Why do they “take a turn” at such things? For them, activities serve a single useful purpose: to explore their whims and to make them look important to their social group. For this reason, the activities themselves are not important, only the appearance of being committed and enjoying the process.

To a person raised under democracy, nothing is worth doing for its own sake. Everything exists as a tool, weapon, justification, rationalization, or other leverage used to argue for what the individual wants.

On the flip side, of course, the individual has no idea what he wants, because without some goal other than the self, no direction exists and so the individual flits from one distraction to another, never finding satiation.

Future human societies will record among their learnings the notion that directionless humanity becomes toxic and parasitic much as organisms which never find a niche in nature tend to become parasites on the more successful.

Equality and individualism constitute statements against purpose. The individual, they argue, must be freed from purpose by liberalizing the social standards used to achieve it. Then, he or she can choose a path.

In a laboratory setting, which exists beyond time or multiple cause-effect relationships and therefore resembles reality only as much as symbolism does, this situation seems optimal: each person finds their own way.

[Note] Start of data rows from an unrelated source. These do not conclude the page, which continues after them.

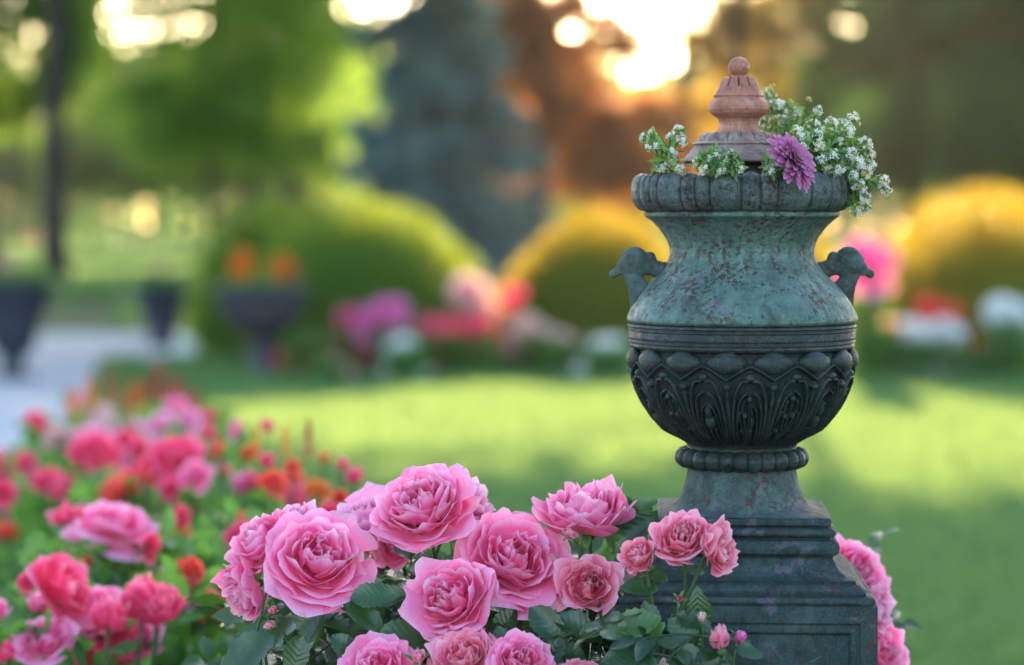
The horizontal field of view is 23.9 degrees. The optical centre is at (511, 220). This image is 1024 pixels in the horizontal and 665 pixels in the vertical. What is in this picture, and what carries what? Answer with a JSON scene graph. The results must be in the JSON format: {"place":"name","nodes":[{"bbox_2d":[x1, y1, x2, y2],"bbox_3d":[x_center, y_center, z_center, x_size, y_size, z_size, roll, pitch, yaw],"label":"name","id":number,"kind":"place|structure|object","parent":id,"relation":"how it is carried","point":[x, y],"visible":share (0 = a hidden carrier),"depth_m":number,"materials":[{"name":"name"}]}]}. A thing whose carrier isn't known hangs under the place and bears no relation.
{"place":"outdoors","nodes":[
{"label":"outdoors","id":0,"kind":"place"},
{"bbox_2d":[0,363,86,454],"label":"path","id":1,"kind":"structure","parent":0,"point":[47,386],"depth_m":16.57,"materials":[{"name":"grey concrete"}]},
{"bbox_2d":[0,281,57,379],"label":"planter","id":2,"kind":"object","parent":1,"relation":"on","point":[22,307],"visible":0.98,"depth_m":18.15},
{"bbox_2d":[0,233,53,282],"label":"potted flowers","id":3,"kind":"object","parent":2,"relation":"in","point":[27,273],"visible":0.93,"depth_m":18.27,"materials":[{"name":"green plant"}]},
{"bbox_2d":[0,332,184,361],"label":"crossing path","id":4,"kind":"structure","parent":0,"point":[68,346],"depth_m":22.64,"materials":[{"name":"grey concrete"}]},
{"bbox_2d":[132,285,189,346],"bbox_3d":[-3.304,0.909,22.831,0.556,0.583,0.556,0,0,0],"label":"planter","id":5,"kind":"object","parent":4,"relation":"on","point":[161,308],"visible":0.87,"depth_m":22.68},
{"bbox_2d":[135,262,185,286],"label":"potted flowers","id":6,"kind":"object","parent":5,"relation":"in","point":[148,280],"visible":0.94,"depth_m":22.75,"materials":[{"name":"green plant"}]},
{"bbox_2d":[175,334,224,357],"bbox_3d":[-2.702,1.080,21.002,0.451,0.287,0.352,0,0,0],"label":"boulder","id":7,"kind":"object","parent":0,"point":[184,343],"visible":0.26,"depth_m":20.85,"materials":[{"name":"grey stone"}]},
{"bbox_2d":[0,0,983,229],"label":"sky","id":8,"kind":"structure","parent":0,"point":[657,13],"materials":[{"name":"white"}]},
{"bbox_2d":[0,230,1023,664],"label":"lawn","id":9,"kind":"structure","parent":0,"point":[90,316],"depth_m":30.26,"materials":[{"name":"green plant"}]},
{"bbox_2d":[0,111,66,249],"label":"young tree","id":10,"kind":"object","parent":9,"relation":"on","point":[15,177],"visible":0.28,"depth_m":83.04,"materials":[{"name":"green plant"}]},
{"bbox_2d":[0,56,68,195],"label":"distant tree","id":11,"kind":"object","parent":9,"relation":"on","point":[8,69],"visible":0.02,"depth_m":119.41,"materials":[{"name":"green plant"}]},
{"bbox_2d":[1,360,98,592],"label":"kerb","id":12,"kind":"structure","parent":9,"relation":"on","point":[91,367],"depth_m":17.72,"materials":[{"name":"stone"}]},
{"bbox_2d":[39,0,73,279],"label":"broadleaf tree","id":13,"kind":"object","parent":9,"relation":"on","point":[54,249],"visible":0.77,"depth_m":41.80,"materials":[{"name":"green plant"}]},
{"bbox_2d":[17,94,148,251],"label":"young tree","id":14,"kind":"object","parent":9,"relation":"on","point":[99,173],"visible":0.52,"depth_m":79.01,"materials":[{"name":"green plant"}]},
{"bbox_2d":[0,0,167,264],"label":"broadleaf tree","id":15,"kind":"object","parent":9,"relation":"on","point":[21,21],"visible":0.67,"depth_m":51.17,"materials":[{"name":"green plant"}]},
{"bbox_2d":[86,115,170,247],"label":"young tree","id":16,"kind":"object","parent":9,"relation":"on","point":[137,190],"visible":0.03,"depth_m":87.64,"materials":[{"name":"green plant"}]},
{"bbox_2d":[140,157,244,249],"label":"young tree","id":17,"kind":"object","parent":9,"relation":"on","point":[225,177],"visible":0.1,"depth_m":81.55,"materials":[{"name":"green plant"}]},
{"bbox_2d":[66,0,386,271],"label":"broadleaf tree","id":18,"kind":"object","parent":9,"relation":"on","point":[248,100],"visible":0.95,"depth_m":46.41,"materials":[{"name":"green plant"}]},
{"bbox_2d":[203,173,271,234],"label":"young tree","id":19,"kind":"object","parent":9,"relation":"on","point":[238,188],"visible":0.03,"depth_m":85.49,"materials":[{"name":"green plant"}]},
{"bbox_2d":[106,44,387,230],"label":"broadleaf tree","id":20,"kind":"object","parent":9,"relation":"on","point":[250,187],"visible":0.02,"depth_m":73.87,"materials":[{"name":"green plant"}]},
{"bbox_2d":[222,186,278,221],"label":"distant tree","id":21,"kind":"object","parent":9,"relation":"on","point":[244,205],"depth_m":127.74,"materials":[{"name":"green plant"}]},
{"bbox_2d":[175,0,396,222],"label":"broadleaf tree","id":22,"kind":"object","parent":9,"relation":"on","point":[289,186],"visible":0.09,"depth_m":57.42,"materials":[{"name":"green plant"}]},
{"bbox_2d":[241,161,347,236],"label":"young tree","id":23,"kind":"object","parent":9,"relation":"on","point":[266,178],"visible":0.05,"depth_m":79.58,"materials":[{"name":"green plant"}]},
{"bbox_2d":[272,84,387,224],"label":"distant tree","id":24,"kind":"object","parent":9,"relation":"on","point":[311,200],"depth_m":118.04,"materials":[{"name":"green plant"}]},
{"bbox_2d":[320,0,563,300],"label":"blue spruce","id":25,"kind":"object","parent":9,"relation":"on","point":[434,151],"visible":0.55,"depth_m":32.45,"materials":[{"name":"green plant"}]},
{"bbox_2d":[394,63,491,182],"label":"distant tree","id":26,"kind":"object","parent":9,"relation":"on","point":[484,180],"depth_m":124.44,"materials":[{"name":"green plant"}]},
{"bbox_2d":[0,26,1020,241],"bbox_3d":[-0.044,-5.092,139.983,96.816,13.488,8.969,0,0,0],"label":"distant wood","id":27,"kind":"object","parent":9,"relation":"on","point":[24,217],"visible":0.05,"depth_m":138.02,"materials":[{"name":"green plant"}]},
{"bbox_2d":[472,54,646,239],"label":"distant tree","id":28,"kind":"object","parent":9,"relation":"on","point":[615,85],"visible":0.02,"depth_m":119.44,"materials":[{"name":"brown plant"}]},
{"bbox_2d":[475,0,701,237],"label":"copper tree","id":29,"kind":"object","parent":9,"relation":"on","point":[606,128],"visible":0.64,"depth_m":40.42,"materials":[{"name":"brown plant"}]},
{"bbox_2d":[614,59,721,97],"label":"distant tree","id":30,"kind":"object","parent":9,"relation":"on","point":[672,79],"visible":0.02,"depth_m":124.36,"materials":[{"name":"orange plant"}]},
{"bbox_2d":[550,53,871,236],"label":"broadleaf tree","id":31,"kind":"object","parent":9,"relation":"on","point":[635,212],"visible":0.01,"depth_m":59.27,"materials":[{"name":"yellow plant"}]},
{"bbox_2d":[617,0,843,226],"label":"golden tree","id":32,"kind":"object","parent":9,"relation":"on","point":[706,44],"visible":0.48,"depth_m":46.37,"materials":[{"name":"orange plant"}]},
{"bbox_2d":[730,0,742,75],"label":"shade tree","id":33,"kind":"object","parent":9,"relation":"on","point":[736,36],"visible":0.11,"depth_m":29.89,"materials":[{"name":"brown plant"}]},
{"bbox_2d":[815,235,840,278],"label":"round shrub","id":34,"kind":"object","parent":9,"relation":"on","point":[824,253],"visible":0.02,"depth_m":21.65,"materials":[{"name":"yellow plant"}]},
{"bbox_2d":[832,79,885,242],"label":"distant tree","id":35,"kind":"object","parent":9,"relation":"on","point":[836,233],"depth_m":118.83,"materials":[{"name":"plant"}]},
{"bbox_2d":[767,0,1022,255],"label":"broadleaf tree","id":36,"kind":"object","parent":9,"relation":"on","point":[892,49],"visible":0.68,"depth_m":47.03,"materials":[{"name":"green plant"}]},
{"bbox_2d":[910,0,1023,226],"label":"broadleaf tree","id":37,"kind":"object","parent":9,"relation":"on","point":[984,143],"visible":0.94,"depth_m":43.47,"materials":[{"name":"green plant"}]},
{"label":"border soil","id":38,"kind":"structure","parent":0,"visible":0},
{"bbox_2d":[180,190,342,359],"bbox_3d":[-2.102,0.476,20.802,1.532,1.476,1.313,0,0,0],"label":"round shrub","id":39,"kind":"object","parent":38,"relation":"on","point":[205,314],"visible":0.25,"depth_m":20.57,"materials":[{"name":"green plant"}]},
{"bbox_2d":[213,285,310,375],"bbox_3d":[-1.891,0.848,18.318,0.740,0.705,0.740,0,0,0],"label":"planter","id":40,"kind":"object","parent":38,"relation":"on","point":[261,318],"visible":0.77,"depth_m":18.09,"materials":[{"name":"stone"}]},
{"bbox_2d":[221,246,304,286],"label":"potted flowers","id":41,"kind":"object","parent":40,"relation":"in","point":[280,266],"visible":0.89,"depth_m":18.27,"materials":[{"name":"orange plant"}]},
{"bbox_2d":[275,330,340,374],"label":"flower clump","id":42,"kind":"object","parent":38,"relation":"on","point":[296,352],"visible":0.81,"depth_m":18.21,"materials":[{"name":"green plant"}]},
{"bbox_2d":[310,356,356,384],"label":"flower clump","id":43,"kind":"object","parent":38,"relation":"on","point":[323,370],"visible":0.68,"depth_m":17.12,"materials":[{"name":"green plant"}]},
{"bbox_2d":[325,305,372,370],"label":"flower clump","id":44,"kind":"object","parent":38,"relation":"on","point":[346,327],"visible":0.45,"depth_m":18.73,"materials":[{"name":"green plant"}]},
{"bbox_2d":[239,182,500,365],"bbox_3d":[-1.217,0.448,19.801,2.152,1.531,2.108,0,0,35],"label":"round shrub","id":45,"kind":"object","parent":38,"relation":"on","point":[339,262],"visible":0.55,"depth_m":19.29,"materials":[{"name":"green plant"}]},
{"bbox_2d":[350,297,412,373],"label":"flower clump","id":46,"kind":"object","parent":38,"relation":"on","point":[379,324],"visible":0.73,"depth_m":18.55,"materials":[{"name":"purple plant"}]},
{"bbox_2d":[379,334,431,377],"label":"flower clump","id":47,"kind":"object","parent":38,"relation":"on","point":[404,354],"visible":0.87,"depth_m":17.94,"materials":[{"name":"green plant"}]},
{"bbox_2d":[409,316,452,373],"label":"flower clump","id":48,"kind":"object","parent":38,"relation":"on","point":[429,331],"visible":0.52,"depth_m":18.40,"materials":[{"name":"green plant"}]},
{"bbox_2d":[443,273,497,369],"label":"flower clump","id":49,"kind":"object","parent":38,"relation":"on","point":[468,291],"visible":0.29,"depth_m":18.96,"materials":[{"name":"pink plant"}]},
{"bbox_2d":[441,313,509,373],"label":"flower clump","id":50,"kind":"object","parent":38,"relation":"on","point":[474,340],"visible":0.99,"depth_m":18.35,"materials":[{"name":"green plant"}]},
{"bbox_2d":[489,286,539,367],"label":"flower clump","id":51,"kind":"object","parent":38,"relation":"on","point":[506,314],"visible":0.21,"depth_m":18.97,"materials":[{"name":"pink plant"}]},
{"bbox_2d":[498,315,563,372],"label":"flower clump","id":52,"kind":"object","parent":38,"relation":"on","point":[529,332],"visible":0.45,"depth_m":18.55,"materials":[{"name":"green plant"}]},
{"bbox_2d":[536,330,591,372],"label":"flower clump","id":53,"kind":"object","parent":38,"relation":"on","point":[563,350],"visible":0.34,"depth_m":18.30,"materials":[{"name":"green plant"}]},
{"bbox_2d":[491,199,668,347],"bbox_3d":[0.696,0.513,20.588,2.096,1.402,1.861,0,0,0],"label":"round shrub","id":54,"kind":"object","parent":38,"relation":"on","point":[570,286],"visible":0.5,"depth_m":20.13,"materials":[{"name":"yellow plant"}]},
{"bbox_2d":[572,335,630,379],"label":"flower clump","id":55,"kind":"object","parent":38,"relation":"on","point":[605,355],"visible":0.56,"depth_m":17.90,"materials":[{"name":"green plant"}]},
{"bbox_2d":[831,236,898,377],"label":"flower clump","id":56,"kind":"object","parent":38,"relation":"on","point":[872,303],"visible":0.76,"depth_m":17.75,"materials":[{"name":"pink plant"}]},
{"bbox_2d":[855,318,902,376],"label":"flower clump","id":57,"kind":"object","parent":38,"relation":"on","point":[896,328],"visible":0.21,"depth_m":17.91,"materials":[{"name":"green plant"}]},
{"bbox_2d":[884,318,938,376],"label":"flower clump","id":58,"kind":"object","parent":38,"relation":"on","point":[911,359],"visible":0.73,"depth_m":17.93,"materials":[{"name":"green plant"}]},
{"bbox_2d":[912,294,963,323],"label":"flower clump","id":59,"kind":"object","parent":38,"relation":"on","point":[934,311],"visible":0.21,"depth_m":18.39,"materials":[{"name":"red plant"}]},
{"bbox_2d":[859,179,1023,367],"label":"round shrub","id":60,"kind":"object","parent":38,"relation":"on","point":[953,273],"visible":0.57,"depth_m":18.99,"materials":[{"name":"yellow plant"}]},
{"bbox_2d":[916,317,976,378],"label":"flower clump","id":61,"kind":"object","parent":38,"relation":"on","point":[951,352],"visible":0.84,"depth_m":17.93,"materials":[{"name":"green plant"}]},
{"bbox_2d":[967,339,994,376],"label":"flower clump","id":62,"kind":"object","parent":38,"relation":"on","point":[975,346],"visible":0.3,"depth_m":18.10,"materials":[{"name":"green plant"}]},
{"bbox_2d":[979,295,1023,376],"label":"flower clump","id":63,"kind":"object","parent":38,"relation":"on","point":[1003,315],"visible":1,"depth_m":17.96,"materials":[{"name":"green plant"}]},
{"label":"bed soil","id":64,"kind":"structure","parent":0,"visible":0},
{"bbox_2d":[0,409,84,593],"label":"rose bush","id":65,"kind":"object","parent":64,"relation":"on","point":[26,462],"visible":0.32,"depth_m":4.83,"materials":[{"name":"pink plant"}]},
{"bbox_2d":[0,553,186,664],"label":"rose bush","id":66,"kind":"object","parent":64,"relation":"on","point":[100,625],"visible":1,"depth_m":2.56,"materials":[{"name":"pink plant"}]},
{"bbox_2d":[0,368,186,561],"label":"rose bush","id":67,"kind":"object","parent":64,"relation":"on","point":[113,418],"visible":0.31,"depth_m":5.69,"materials":[{"name":"pink plant"}]},
{"bbox_2d":[0,426,188,631],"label":"rose bush","id":68,"kind":"object","parent":64,"relation":"on","point":[91,450],"visible":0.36,"depth_m":4.20,"materials":[{"name":"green plant"}]},
{"bbox_2d":[0,499,239,664],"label":"rose bush","id":69,"kind":"object","parent":64,"relation":"on","point":[107,526],"visible":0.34,"depth_m":2.89,"materials":[{"name":"pink plant"}]},
{"bbox_2d":[62,363,260,467],"bbox_3d":[-0.957,1.007,6.440,0.696,1.257,0.708,0,0,0],"label":"rose bush","id":70,"kind":"object","parent":64,"relation":"on","point":[223,418],"visible":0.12,"depth_m":6.43,"materials":[{"name":"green plant"}]},
{"bbox_2d":[70,397,283,525],"bbox_3d":[-0.679,0.780,4.813,0.507,0.843,0.515,0,0,0],"label":"rose bush","id":71,"kind":"object","parent":64,"relation":"on","point":[155,426],"visible":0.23,"depth_m":4.73,"materials":[{"name":"pink plant"}]},
{"bbox_2d":[52,419,308,580],"bbox_3d":[-0.521,0.763,3.781,0.488,0.878,0.486,0,0,0],"label":"rose bush","id":72,"kind":"object","parent":64,"relation":"on","point":[189,477],"visible":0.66,"depth_m":3.70,"materials":[{"name":"pink plant"}]},
{"bbox_2d":[61,536,322,664],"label":"rose bush","id":73,"kind":"object","parent":64,"relation":"on","point":[180,575],"visible":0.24,"depth_m":2.71,"materials":[{"name":"green plant"}]},
{"bbox_2d":[159,418,430,646],"bbox_3d":[-0.284,0.737,3.263,0.456,0.928,0.438,0,0,0],"label":"rose bush","id":74,"kind":"object","parent":64,"relation":"on","point":[271,481],"visible":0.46,"depth_m":3.26,"materials":[{"name":"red plant"}]},
{"bbox_2d":[180,463,557,664],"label":"rose bush","id":75,"kind":"object","parent":64,"relation":"on","point":[324,586],"visible":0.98,"depth_m":2.07,"materials":[{"name":"pink plant"}]},
{"bbox_2d":[349,474,658,664],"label":"rose bush","id":76,"kind":"object","parent":64,"relation":"on","point":[530,574],"visible":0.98,"depth_m":2.06,"materials":[{"name":"pink plant"}]},
{"bbox_2d":[572,509,763,664],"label":"rose bush","id":77,"kind":"object","parent":64,"relation":"on","point":[680,538],"visible":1,"depth_m":1.98,"materials":[{"name":"pink plant"}]},
{"bbox_2d":[617,498,877,664],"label":"pedestal","id":78,"kind":"object","parent":64,"relation":"on","point":[791,592],"visible":0.54,"depth_m":2.05,"materials":[{"name":"stone"}]},
{"bbox_2d":[609,57,873,518],"bbox_3d":[0.204,0.055,2.150,0.205,0.402,0.205,0,0,34],"label":"garden urn","id":79,"kind":"object","parent":78,"relation":"on","point":[742,358],"visible":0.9,"depth_m":2.09,"materials":[{"name":"stone"}]},
{"bbox_2d":[639,124,688,175],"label":"alyssum plant","id":80,"kind":"object","parent":79,"relation":"on","point":[670,151],"visible":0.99,"depth_m":2.11,"materials":[{"name":"white plant"}]},
{"bbox_2d":[687,142,748,181],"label":"alyssum plant","id":81,"kind":"object","parent":79,"relation":"in","point":[730,161],"visible":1,"depth_m":2.05,"materials":[{"name":"white plant"}]},
{"bbox_2d":[758,151,793,183],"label":"leafy sprig","id":82,"kind":"object","parent":79,"relation":"in","point":[771,168],"visible":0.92,"depth_m":2.05,"materials":[{"name":"green plant"}]},
{"bbox_2d":[759,83,823,173],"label":"alyssum plant","id":83,"kind":"object","parent":79,"relation":"in","point":[777,120],"visible":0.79,"depth_m":2.17,"materials":[{"name":"white plant"}]},
{"bbox_2d":[766,132,816,192],"bbox_3d":[0.240,-0.049,2.043,0.035,0.053,0.074,0,0,32],"label":"zinnia","id":84,"kind":"object","parent":79,"relation":"in","point":[792,156],"visible":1,"depth_m":2.03,"materials":[{"name":"purple plant"}]},
{"bbox_2d":[799,111,892,218],"bbox_3d":[0.282,-0.049,2.116,0.075,0.095,0.084,0,0,44],"label":"alyssum plant","id":85,"kind":"object","parent":79,"relation":"in","point":[830,156],"visible":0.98,"depth_m":2.11,"materials":[{"name":"white plant"}]},
{"bbox_2d":[835,528,925,664],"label":"rose bush","id":86,"kind":"object","parent":64,"relation":"on","point":[893,647],"visible":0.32,"depth_m":2.28,"materials":[{"name":"pink plant"}]}
]}

A social setting approves even more. “If it makes them happy let them enjoy themselves,” say the seemingly wise guys at the hipster bar. But what about when there is a tragedy of the commons that sacrifices social order for individualism?

No one wants to address that one because it requires that we end the co-dependent and manipulative relationship with the Crowd.

Joining a Crowd creates an unstated social contract, much as joining a cult, gang, sect, mafia, clique, or cabal does: we will defend you if you defend us. Each of us gets what he wants then, with only the overhead of defending the gang.

Over time, the gang goes from requiring simply equal treatment under the law to demanding ideological obedience to equality as a life-philosophy, including parasitic socialism.

This produces denialists — those who fight against realizing that their system is in trouble — who find themselves enraged by how their manipulation has resulted in themselves in turn being manipulated.

On top of that, they have become purposeless, since to them any activity has value only as a method of further rationalizing the absence of goal, often called “freedom” or “liberty.”

Consequently, nothing fills the inner void. Without purpose or goal, they range around the dystopic wasteland possessed only of an impulse to destroy. They are not nihilists; they are individualists.

They remain however addicted to the burden of equality. No taxes are too high if they subsidize the poor, no racial grievance too extreme, and no amount of bureaucratic red tape or ridiculous public pretense and ceremony annoys them.

To them, their freedom is all that they have, and so they cling to it even as it destroys them.